High-Performance and Cost-Effective All-Solid-State Conversion-Type Iron Fluoride Cathode

The large-scale deployment of lithium-ion batteries requires next-generation cathodes to not contain toxic and expensive elements such as Ni and Co, as well as to provide a higher energy density than existing cathodes. Conversion-type iron fluorides can fulfill these requirements and are being actively pursued by many research groups. Despite being discovered about two decades ago, the commercialization of cost-effective and energy-dense iron fluoride cathodes was obstructed by its low first-cycle redox reversibility, poor cycling stability, and large voltage hysteresis. Here, we demonstrated that these challenges are promising to be overcome by applying halide-based solid electrolytes (SEs). Through detailed ex-situ X-ray diffraction and X-ray absorption spectroscopy investigation, our results showed that halide-based SEs realize the complete intrinsic conversion and reconversion of FeF₂ because of their extinguished electrochemical stability, which cannot be achieved by sulfide SEs.
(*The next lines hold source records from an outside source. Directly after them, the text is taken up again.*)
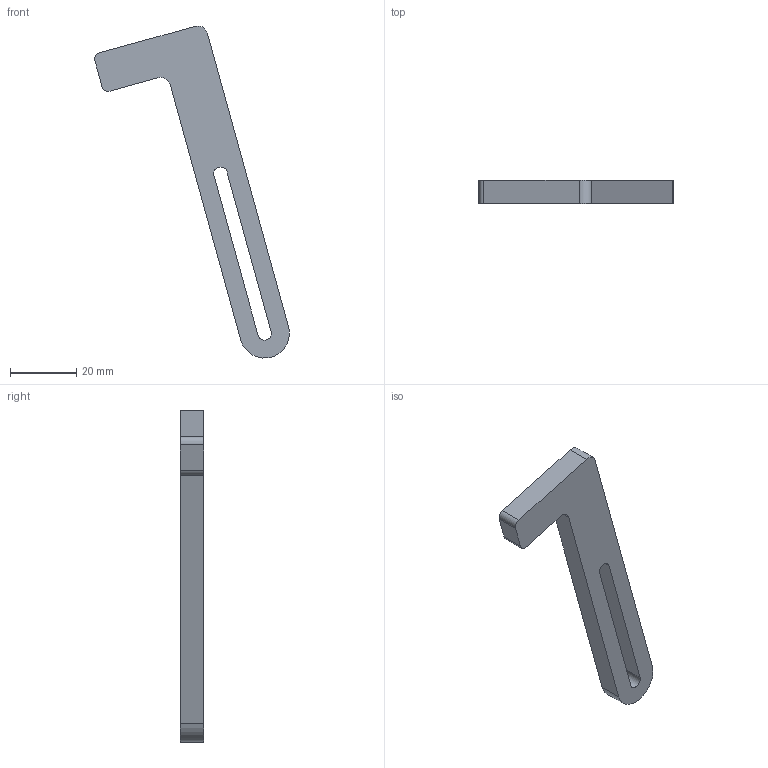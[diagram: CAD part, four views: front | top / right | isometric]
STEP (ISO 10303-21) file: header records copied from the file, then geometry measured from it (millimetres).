
FILE_DESCRIPTION(/* description */ (''),/* implementation_level */ '2;1');
FILE_NAME(/* name */ 'Basis Niederhalter.step',/* time_stamp */ '2024-08-11T17:31:21+02:00',/* author */ (''),/* organization */ (''),/* preprocessor_version */ 'ST-DEVELOPER v20',/* originating_system */ 'Autodesk Translation Framework v13.14.0.145',/* authorisation */ '');
FILE_SCHEMA (('AUTOMOTIVE_DESIGN { 1 0 10303 214 3 1 1 }'));
Length unit declared in the file: millimetre
Products named in the file (2): Stringer Basis MB; Basis Niederhalter
Assembly tree (1 placements, depth 2):
  Stringer Basis MB
    Basis Niederhalter
Bounding box: 58.8 x 7 x 100.35 mm (x, y, z)
Volume: 10734.1 mm3; surface area: 5706.9 mm2
Topology: 1 solids, 1 shells, 16 faces, 42 edges, 28 vertices
Faces by surface type: plane 9, cylinder 7
Entity records: 599 total; most frequent: DIRECTION 94, CARTESIAN_POINT 89, ORIENTED_EDGE 84, EDGE_CURVE 42, AXIS2_PLACEMENT_3D 33, LINE 28, VECTOR 28, VERTEX_POINT 28

The halide-SE-based all-solid-state FeF₂ cathode demonstrated extraordinary electrochemical performance compared with FeF₂ electrodes in liquid electrolytes, including a high specific capacity (~ 600 mAh/g), a long cycle life (over 100 cycles), a high first-cycle coulombic efficiency (~100%), and high-rate performance. The superior performance can be attributed to the reduced and reversible electrolyte decomposition, avoidance of cation dissolution, and mechanical lockage of electrode particles. Our study also revealed amorphization of FeF₂ cathode with halide SE enhanced the electrode kinetics. Our results demonstrate solidifying the batteries can be used as an effective approach to address the key challenges of iron fluoride cathodes for their practical application.